On dissipative and non-unitary solutions to operator commutation relations

TL;DR

This paper investigates generalized semi-Weyl commutation relations involving operators and affine group actions, establishing fixed point theorems and exploring solutions that include dissipative and non-unitary cases, revealing diverse representations.

Contribution

It introduces fixed point theorems for flows induced by affine group actions on operators and characterizes solutions to generalized Weyl relations, including dissipative and non-unitary representations.

Findings

Fixed point theorems for flows on operator unit balls.

Existence of non-unitarily equivalent dissipative solutions.
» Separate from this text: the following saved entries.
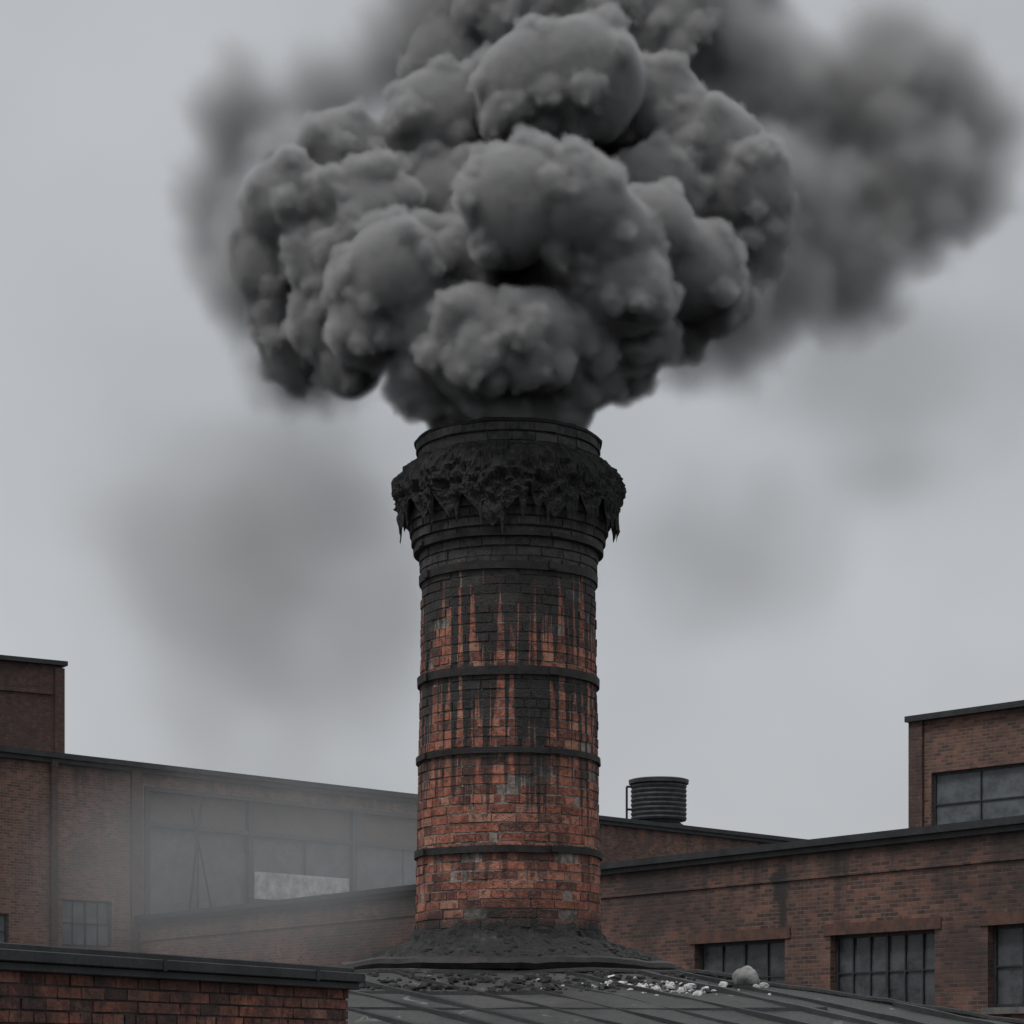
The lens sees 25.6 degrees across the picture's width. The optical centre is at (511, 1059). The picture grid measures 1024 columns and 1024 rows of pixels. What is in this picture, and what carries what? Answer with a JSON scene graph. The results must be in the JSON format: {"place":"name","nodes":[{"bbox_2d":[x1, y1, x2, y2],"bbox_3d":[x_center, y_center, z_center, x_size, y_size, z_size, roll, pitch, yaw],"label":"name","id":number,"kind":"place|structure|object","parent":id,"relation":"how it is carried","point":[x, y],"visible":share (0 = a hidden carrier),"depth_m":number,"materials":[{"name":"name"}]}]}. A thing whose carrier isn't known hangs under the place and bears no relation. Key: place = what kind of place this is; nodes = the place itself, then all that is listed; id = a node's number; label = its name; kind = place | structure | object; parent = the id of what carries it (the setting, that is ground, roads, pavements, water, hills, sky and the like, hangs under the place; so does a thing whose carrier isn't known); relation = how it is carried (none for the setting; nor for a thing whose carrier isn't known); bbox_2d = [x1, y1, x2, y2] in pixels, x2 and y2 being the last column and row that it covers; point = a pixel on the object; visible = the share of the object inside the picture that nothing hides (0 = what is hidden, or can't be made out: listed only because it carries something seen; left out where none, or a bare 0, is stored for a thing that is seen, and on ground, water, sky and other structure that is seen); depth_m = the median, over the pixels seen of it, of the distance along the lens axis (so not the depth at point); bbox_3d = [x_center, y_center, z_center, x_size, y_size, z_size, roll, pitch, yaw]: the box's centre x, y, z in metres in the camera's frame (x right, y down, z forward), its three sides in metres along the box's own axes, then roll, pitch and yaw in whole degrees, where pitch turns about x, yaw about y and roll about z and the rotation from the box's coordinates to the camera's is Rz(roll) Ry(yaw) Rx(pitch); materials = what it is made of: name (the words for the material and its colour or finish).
{"place":"outdoors","nodes":[
{"label":"outdoors","id":0,"kind":"place"},
{"bbox_2d":[0,746,807,951],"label":"brick factory hall","id":1,"kind":"structure","parent":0,"point":[100,853],"depth_m":80.48,"materials":[{"name":"brown brick"}]},
{"bbox_2d":[626,776,688,834],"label":"water tank","id":2,"kind":"object","parent":1,"relation":"on","point":[662,799],"visible":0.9,"depth_m":100.15,"materials":[{"name":"metal"}]},
{"bbox_2d":[0,0,1023,838],"label":"sky","id":3,"kind":"structure","parent":0,"point":[769,254],"materials":[{"name":"grey"}]},
{"label":"ground","id":4,"kind":"structure","parent":0,"visible":0},
{"bbox_2d":[0,655,67,752],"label":"brick tower block","id":5,"kind":"structure","parent":4,"relation":"on","point":[32,703],"depth_m":90.73,"materials":[{"name":"brown brick"}]},
{"bbox_2d":[0,971,345,1023],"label":"brick wall","id":6,"kind":"structure","parent":4,"relation":"on","point":[79,999],"depth_m":14.60,"materials":[{"name":"brown brick"}]},
{"bbox_2d":[0,971,348,1023],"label":"brick courses","id":7,"kind":"object","parent":6,"relation":"attached to","point":[56,992],"visible":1,"depth_m":14.63,"materials":[{"name":"brown brick"}]},
{"bbox_2d":[0,942,364,989],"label":"coping","id":8,"kind":"object","parent":6,"relation":"on","point":[16,957],"visible":0.91,"depth_m":14.65,"materials":[{"name":"black metal"}]},
{"bbox_2d":[158,959,319,980],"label":"coping joints","id":9,"kind":"object","parent":8,"relation":"attached to","point":[165,964],"visible":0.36,"depth_m":14.58,"materials":[{"name":"black metal"}]},
{"bbox_2d":[134,815,1023,1018],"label":"brick warehouse","id":10,"kind":"structure","parent":4,"relation":"on","point":[933,915],"depth_m":51.74,"materials":[{"name":"brown brick"}]},
{"bbox_2d":[904,700,1023,827],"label":"brick rooftop block","id":11,"kind":"structure","parent":10,"relation":"on","point":[965,764],"depth_m":60.76,"materials":[{"name":"brown brick"}]},
{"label":"walls","id":12,"kind":"object","parent":4,"relation":"on","visible":0},
{"bbox_2d":[346,973,1012,1023],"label":"roof felt","id":13,"kind":"object","parent":12,"relation":"on","point":[550,1016],"visible":0.34,"depth_m":21.70,"materials":[{"name":"grey"}]},
{"bbox_2d":[339,417,676,969],"bbox_3d":[-0.016,-3.463,25.015,4.030,6.800,4.034,0,0,0],"label":"brick chimney","id":14,"kind":"object","parent":13,"relation":"on","point":[508,523],"visible":0.86,"depth_m":24.09,"materials":[{"name":"brick"}]},
{"bbox_2d":[359,937,731,992],"bbox_3d":[-0.303,-0.970,23.810,5.328,0.665,3.113,0,0,0],"label":"soot rubble","id":15,"kind":"object","parent":13,"relation":"on","point":[548,986],"visible":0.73,"depth_m":22.86,"materials":[{"name":"black stone"}]},
{"bbox_2d":[536,975,770,995],"bbox_3d":[1.401,-0.736,22.500,2.405,0.269,0.812,0,0,15],"label":"plaster debris","id":16,"kind":"object","parent":13,"relation":"on","point":[671,986],"visible":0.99,"depth_m":22.47,"materials":[{"name":"white stone"}]},
{"bbox_2d":[346,970,998,1023],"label":"felt laps","id":17,"kind":"object","parent":13,"relation":"on","point":[753,1012],"visible":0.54,"depth_m":21.57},
{"bbox_2d":[354,967,1023,1023],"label":"ridge cap","id":18,"kind":"object","parent":13,"relation":"on","point":[889,1001],"visible":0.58,"depth_m":22.97,"materials":[{"name":"black metal"}]},
{"bbox_2d":[732,965,759,985],"bbox_3d":[2.352,-0.831,22.618,0.274,0.246,0.256,0,0,0],"label":"rubble stone","id":19,"kind":"object","parent":13,"relation":"on","point":[747,975],"visible":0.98,"depth_m":22.52,"materials":[{"name":"grey stone"}]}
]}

Strengthened results for deficiency indices (1,1).

Abstract

We study the (generalized) semi-Weyl commutation relations $$ U_gAU_g^*=g(A) \quad \text{ on }\quad \Dom(A), $$ where $A$ is a densely defined operator and $G\ni g\mapsto U_g$ is a unitary representation of the subgroup $G$ of the affine group $\cG$, the group of affine transformations of the real axis preserving the orientation. If $A$ is a symmetric operator, the group $G$ induces an action/flow on the operator unit ball of contractive transformations from $\Ker (A^*-iI)$ to $\Ker (A^*+iI)$. We establish several fixed point theorems for this flow. In the case of one-parameter continuous subgroups of linear transformations, self-adjoint (maximal dissipative) operators associated with the fixed points of the flow give rise to solutions of the (restricted) generalized Weyl commutation relations. We show that in the dissipative setting, the restricted Weyl relations admit a variety of non-unitarily equivalent representations. In the case of deficiency indices $(1,1)$, our general results can be strengthened to the level of an alternative.